I appear to be in a meaningful relationship with the actress and supermodel Lily Cole. Such is her commitment to our coup de foudre that she has opted to have my name tattooed on her foot. This I find slightly perturbing, so we argue about the appropriateness of her tattoo decision. After all, I worry that – should I find someone better and move on – Lily will be unnecessarily limited in her choice of future fish in the sea to ones called “Richard”.

Oh, I should probably explain that this occurred exactly as I’ve described. Albeit in a dream. Then, just before I wake, Lily becomes agitated and yells: “I can’t stand this banging any more.”

Meanwhile, back in reality, it’s aggressively early on a Sunday morning. I open my eyes at 4.55am to two intense sensations. My bed is seemingly bouncing up and down like a space hopper to an accompanying banging sound. And my wife is giving me a look of contemptuous curiosity, wearing the same expression she’d reserve for analysing a newly appeared stain on her favourite outfit.

Bang. Bang. Bang.

“I said, I can’t stand this banging any more,” says my wife.

I snap into consciousness.
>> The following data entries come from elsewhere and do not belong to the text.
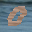
Label: 0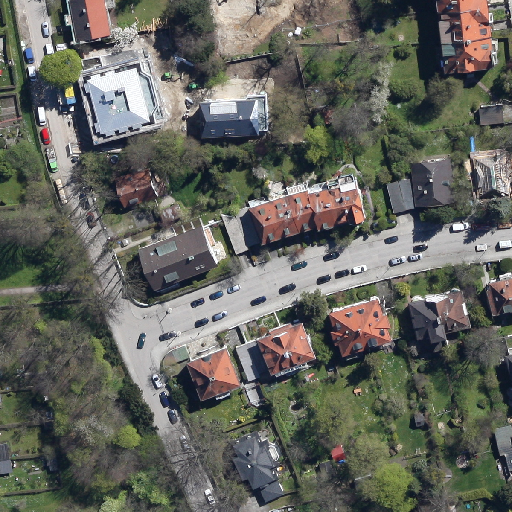
Referring expression: paved road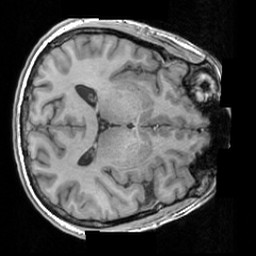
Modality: T1w
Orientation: axial
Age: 30
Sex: male
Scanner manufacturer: siemens
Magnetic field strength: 3 T
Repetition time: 1.63 s
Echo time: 0.00311 s

My chances of escaping back into my dream and seeing if supermodel Lily and I can make up after our tattoo-based spat is not going to happen. “It’s not even 5am,” says my wife. “This has been going on for several minutes already. I think it’s nearby.”

My part of Oxford is reverberating to what sounds like an industrial steam hammer so close it’s likely coming from inside my bedside cabinet. Next door’s dog is doing the sort of whimpering he normally reserves for Guy Fawkes Night.
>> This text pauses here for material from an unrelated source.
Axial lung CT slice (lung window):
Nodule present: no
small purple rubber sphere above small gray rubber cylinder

It’s intrusively loud. A return to sleep is simply not an option. Everywhere is booming relentlessly with metronomic regularity. “Have they started fracking in our kitchen?” I ask.

“We need [bang] to ring [bang] the police [bang].” My wife dials the non-emergency number 101 and reports the incessant thunderous thumping. It’s the sort of sound that results from workmen making a serious attempt to crack the Earth into two halves.

The police agree that at 4.55am this constitutes anti-social behaviour. Especially given it’s a Sunday. When my wife holds the phone outside the front door to demonstrate the noise levels, they concur it’s sufficiently loud to justify immediate investigation. My wife is surprised to discover that she’s reached a police call centre not in Oxford but Milton Keynes. She’s also surprised they can’t hear it in MK.

Apparently this innovation is “more efficient” to access police services. In the same way that moving our fridge from the kitchen in Oxford to Milton Keynes would be “more efficient” whenever we wanted to access some milk.

Wearing the minimum of clothes you can get away with in public – usually reserved for fetching in milk, newspapers or going clubbing – I head off on my bike in full investigative mode to try to source the epicentre of the invasive pounding.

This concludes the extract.